A tax expert has called for the issuance of a tax identifi-cation number to businesses and organisations on all purchases, contracts and payments to help increase revenue mobilisation.
Speaking at a public lecture organised by the Institute of Chartered Accountants of Ghana (ICAG) on the 2016 budget in Accra, Dr. Abdallah Ali-Nakyea urged the government to take a bold decision to implement paragraph 845 of the budget statement of 2015 which enjoins all businesses to obtain a tax number before transacting business.
According to him, the implementation of the tax identification number was one surest way of blocking the loopholes in the tax regime while widening the tax net to generate adequate resources for national development.
Dr. Ali-Nakyea, who is the managing consultant of WTS Ghana and a lecturer at the University of Ghana, lauded the budget but called on the government to ensure strict enforcement, monitoring and evaluation to help consolidate economic gains of the country.
For instance, he said, there should be a mechanism to check the implementation of already existing tax laws and review them if necessary as part of measures to increase revenue generation.

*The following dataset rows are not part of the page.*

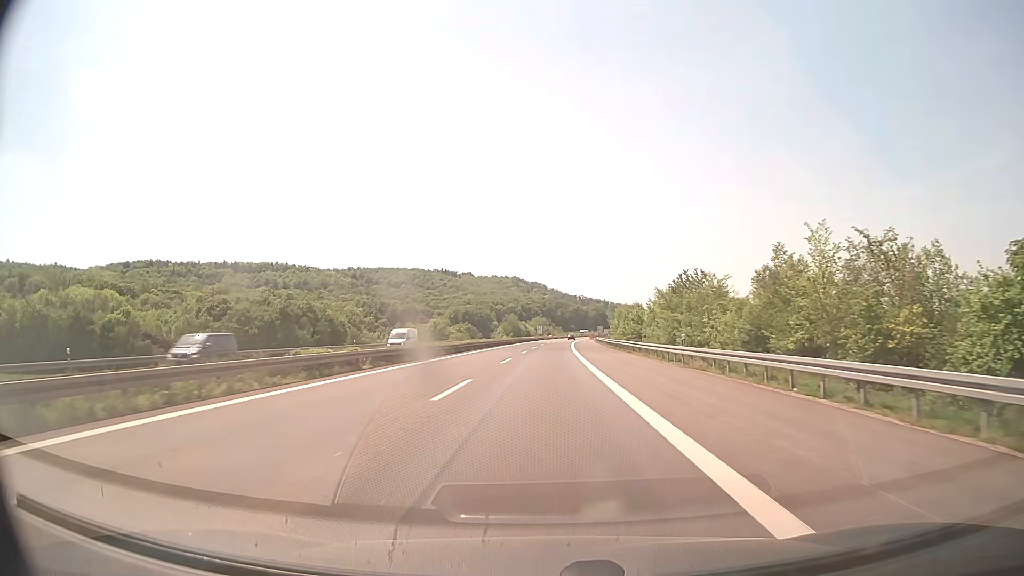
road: motorway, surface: concrete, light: Day
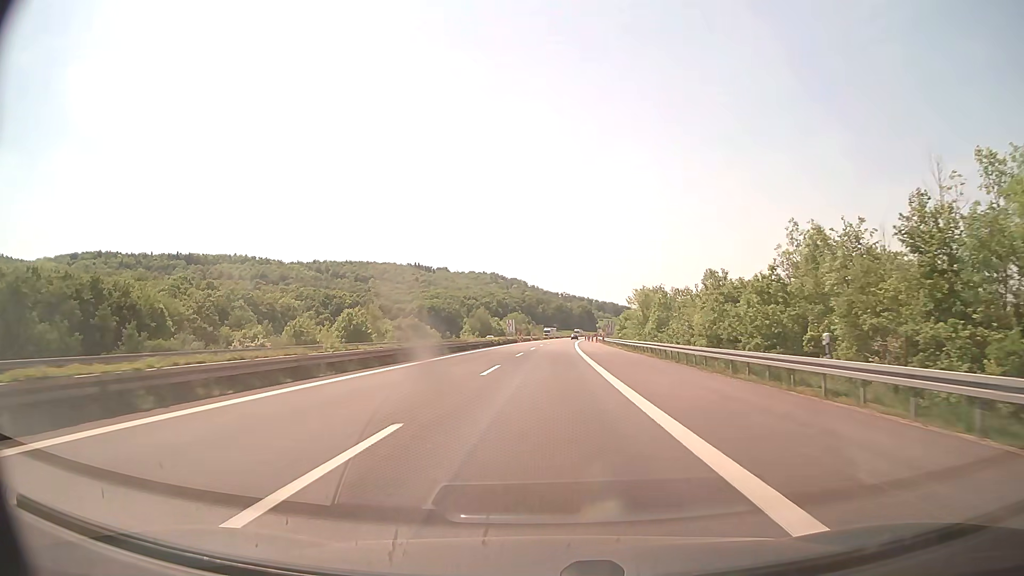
(+1.0, +63.9) m; +2°
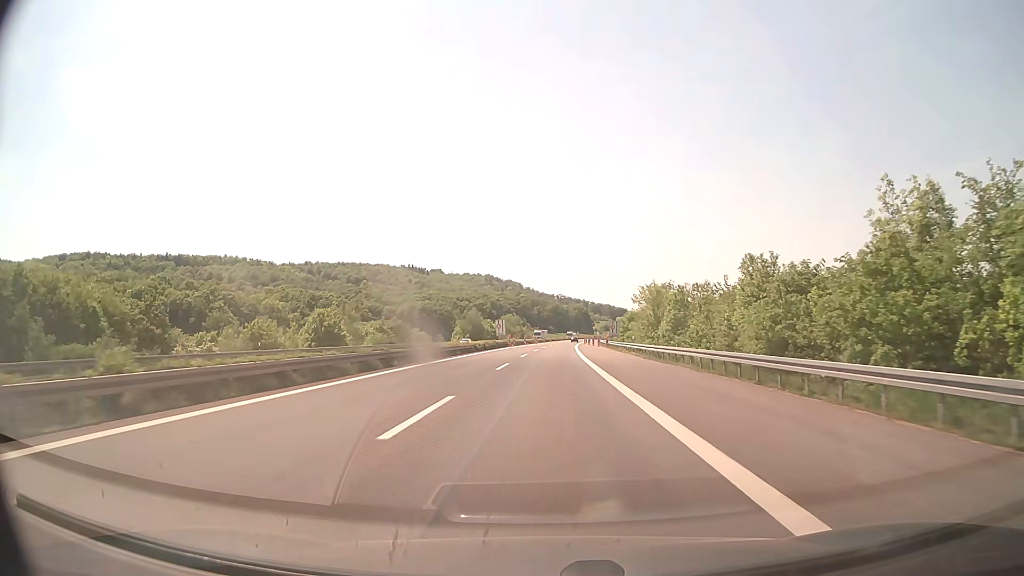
(0.0, +12.9) m; 0°
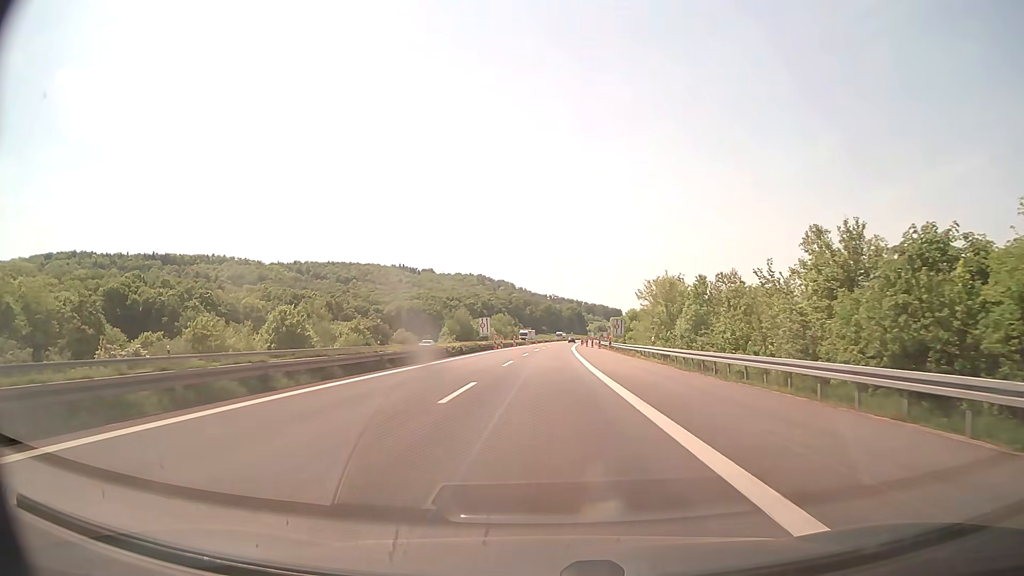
(+0.1, +12.9) m; +1°
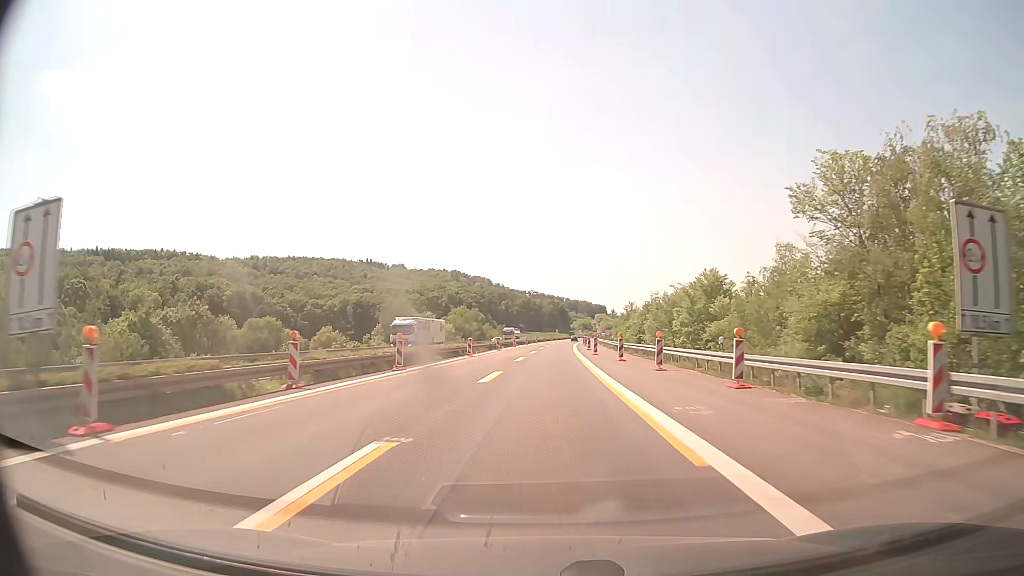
(+1.1, +64.8) m; +2°
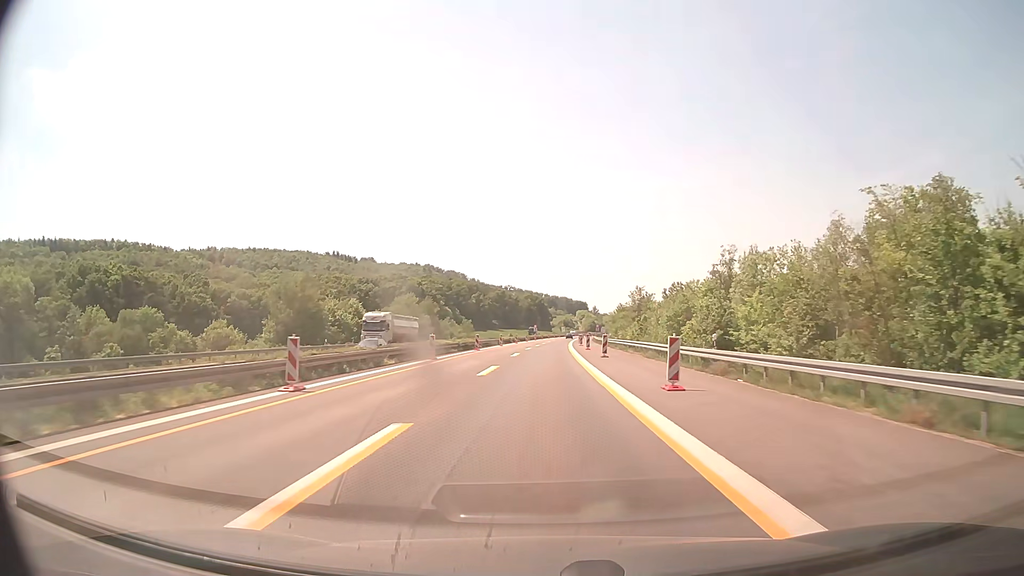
(+0.8, +52.1) m; +2°
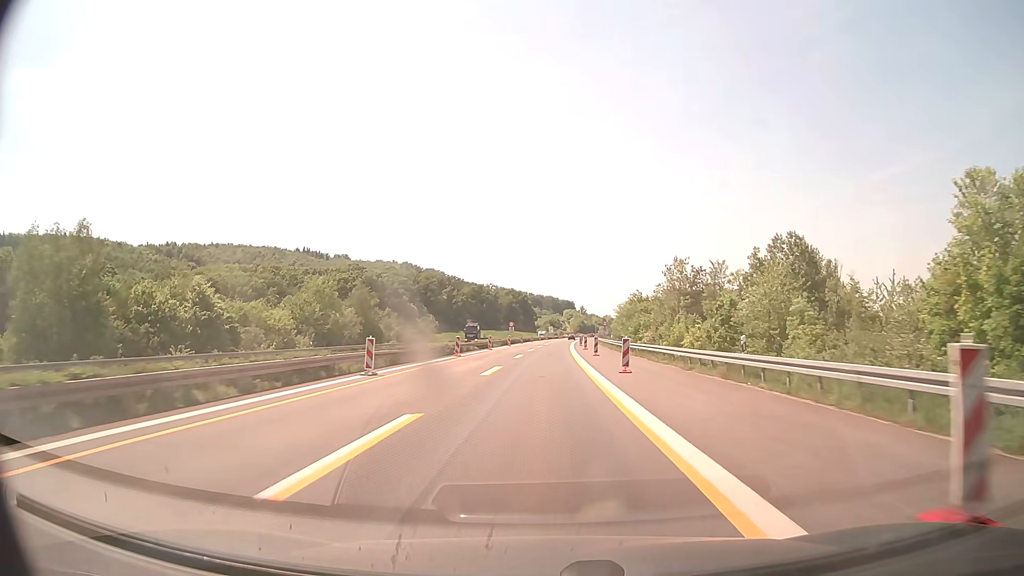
(+0.6, +52.1) m; +1°
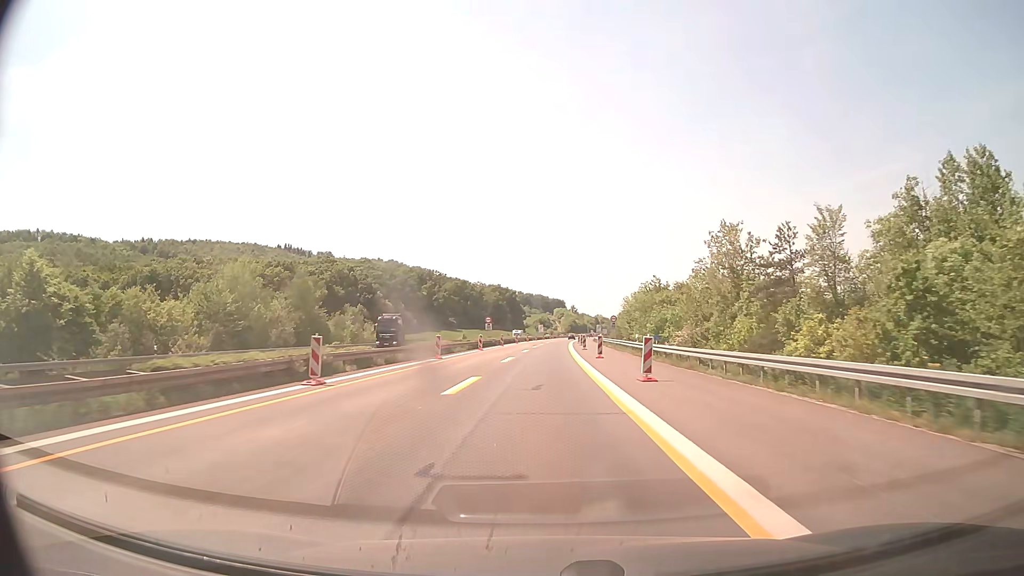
(+0.1, +26.1) m; +1°
(0, +10) (0, +20) (0, +30) (0, +40) (+1, +50) (+1, +60) (+1, +70) (+1, +80) (+2, +90) (+2, +100) m
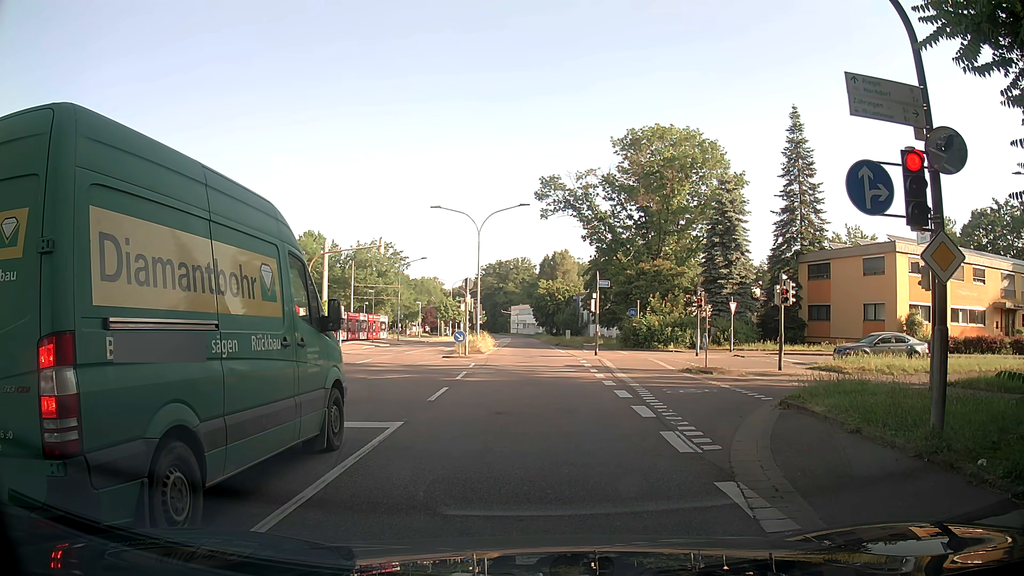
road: secondary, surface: asphalt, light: Day
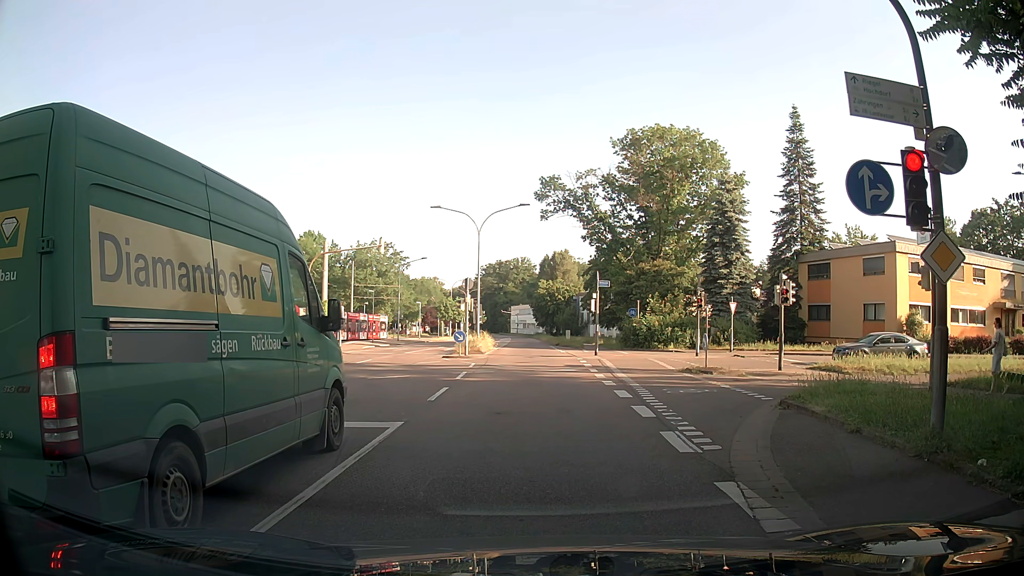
(0.0, 0.0) m; 0°
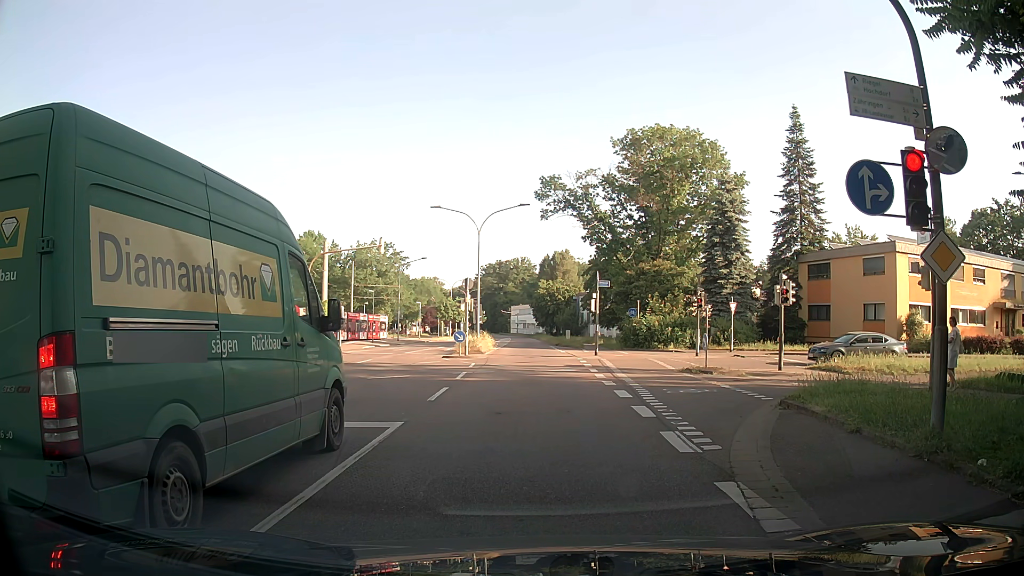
(0.0, 0.0) m; 0°
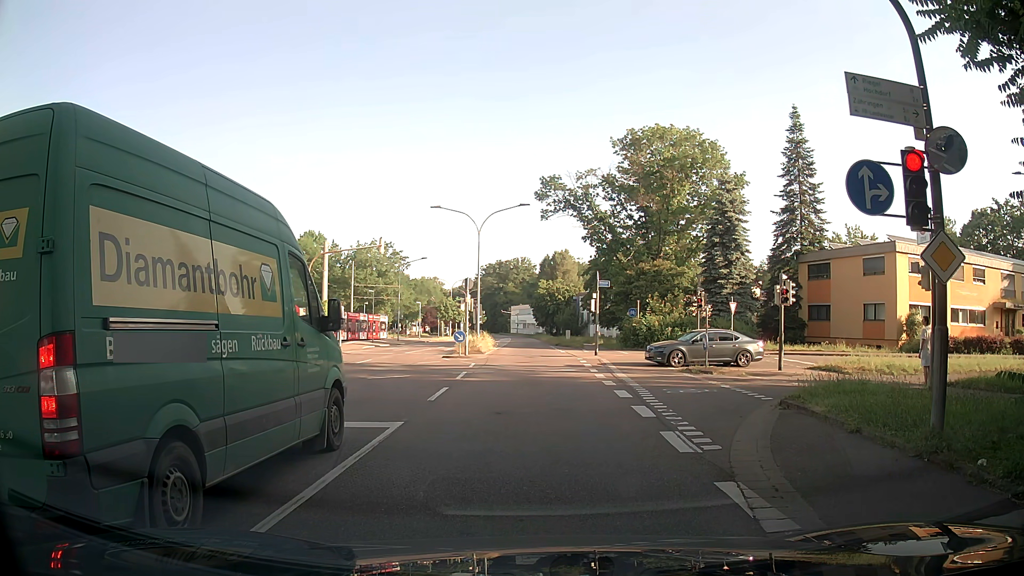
(0.0, 0.0) m; 0°
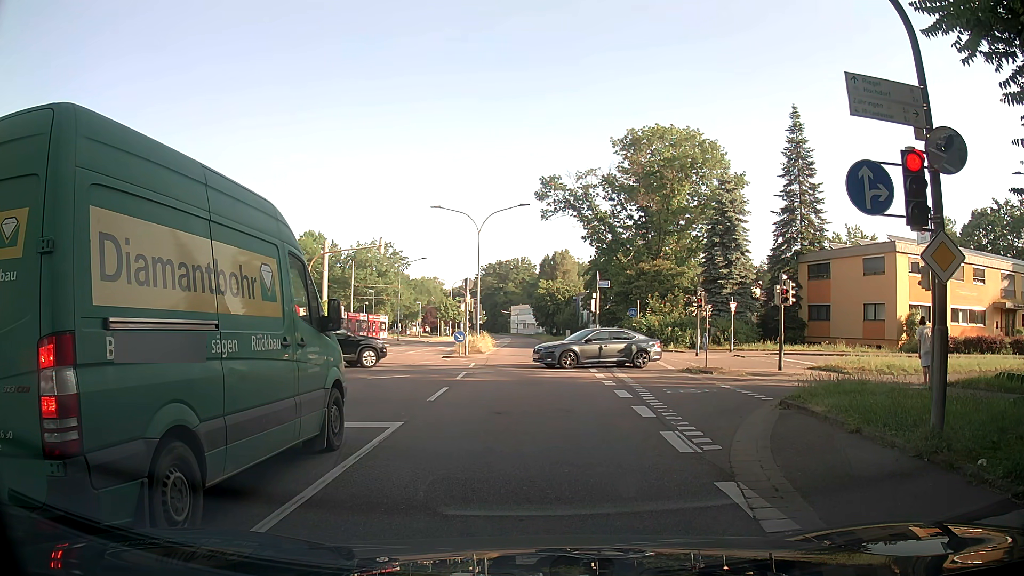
(0.0, 0.0) m; 0°
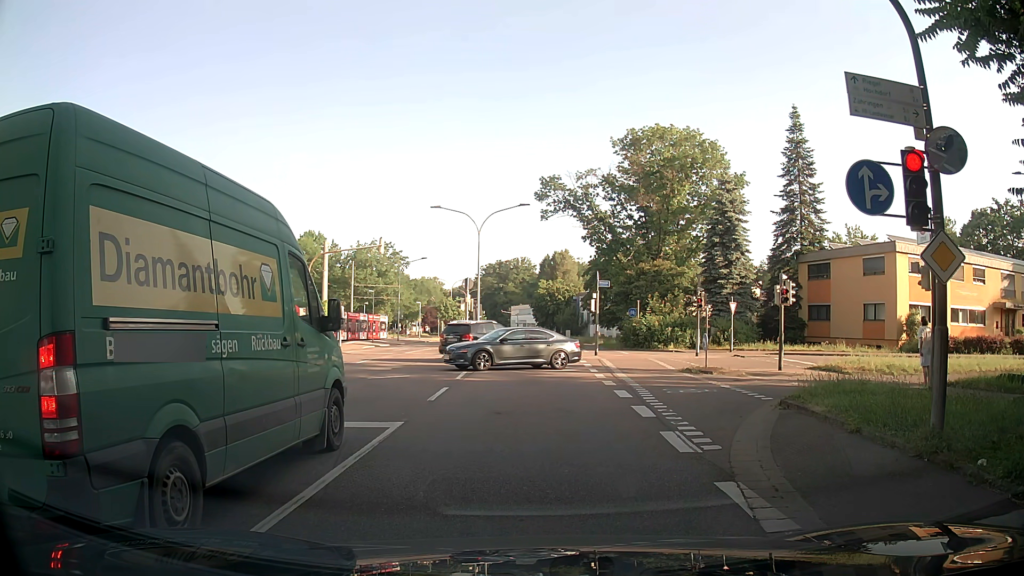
(0.0, 0.0) m; 0°
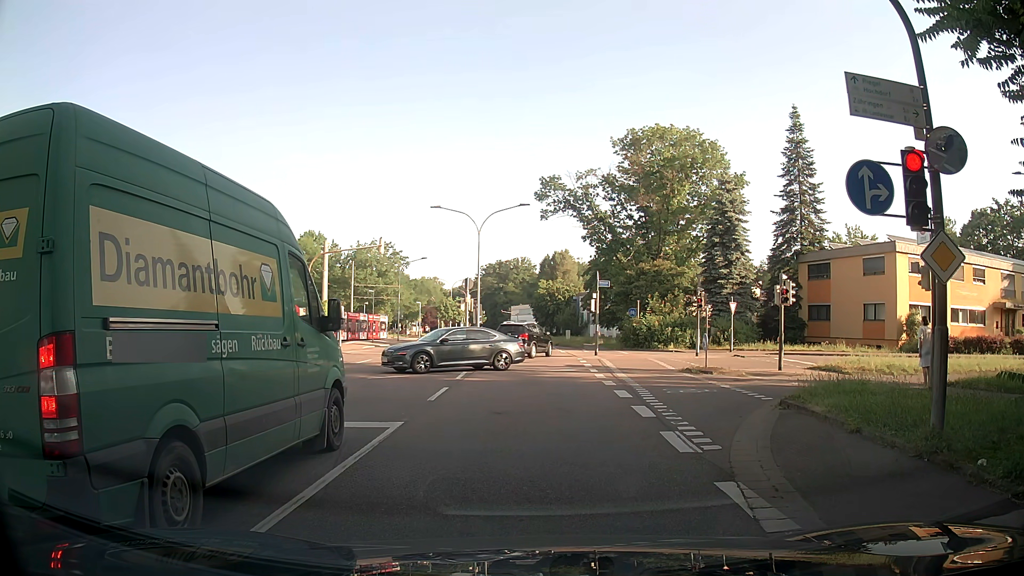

He said for tax laws to work effectively, the government should constantly engage stakeholders in the drafting of such laws saying “stakeholder consultations should not be ignored in the development and passage of new tax legislation so as to engender enhanced and increased tax compliance”.
He again called for adequate support for the Ghana Revenue Authority (GRA) to equip them with the relevant skills and logistics to enhance their operations.
Dr. Ali-Kabreal said the GRA could generate more revenue for the country if its operations were conducted using adequate logistics and highly skilled human resource.
The Director of Budget at the Ministry of Finance, Mr. Patrick Nomo said the country witnessed significant expansion in output with the real Gross Domestic Product growing steadily from 3.7 per cent in 2000 to 9.8 percent in 2012.
“However developments in the economy between 2011 and 2012 led to setbacks in fiscal policy and the widening of the budget deficit to 11.5 per cent in 2013, the issues which brought about the setback,” he said.
He mentioned the setbacks as implementation challenges associated with the single-spine wage policy initiated in 2007 to correct distortions and inequities in the public sector wage structure and significant shortfall in grants from development partners.
Mr. Nomo said however in 2013 government took bold decisions to improve the fiscal situation saying to improve revenue performance and support the fiscal consolidation effort, government introduced comprehensive revenue measures.
These, he said included the National Fiscal Stabilisation Levy — levy of 5 per cent of profit before tax of banking, insurance, other financial services, communication, and brewery sectors with a sunset clause that ended at the end of 2014.
The President of the ICAG, Professor Kwame Omane-Bosiako commended the Ministry of Finance for producing such a comprehensive budget which addresses all aspects of the economy but urged it to ensure strict implementation.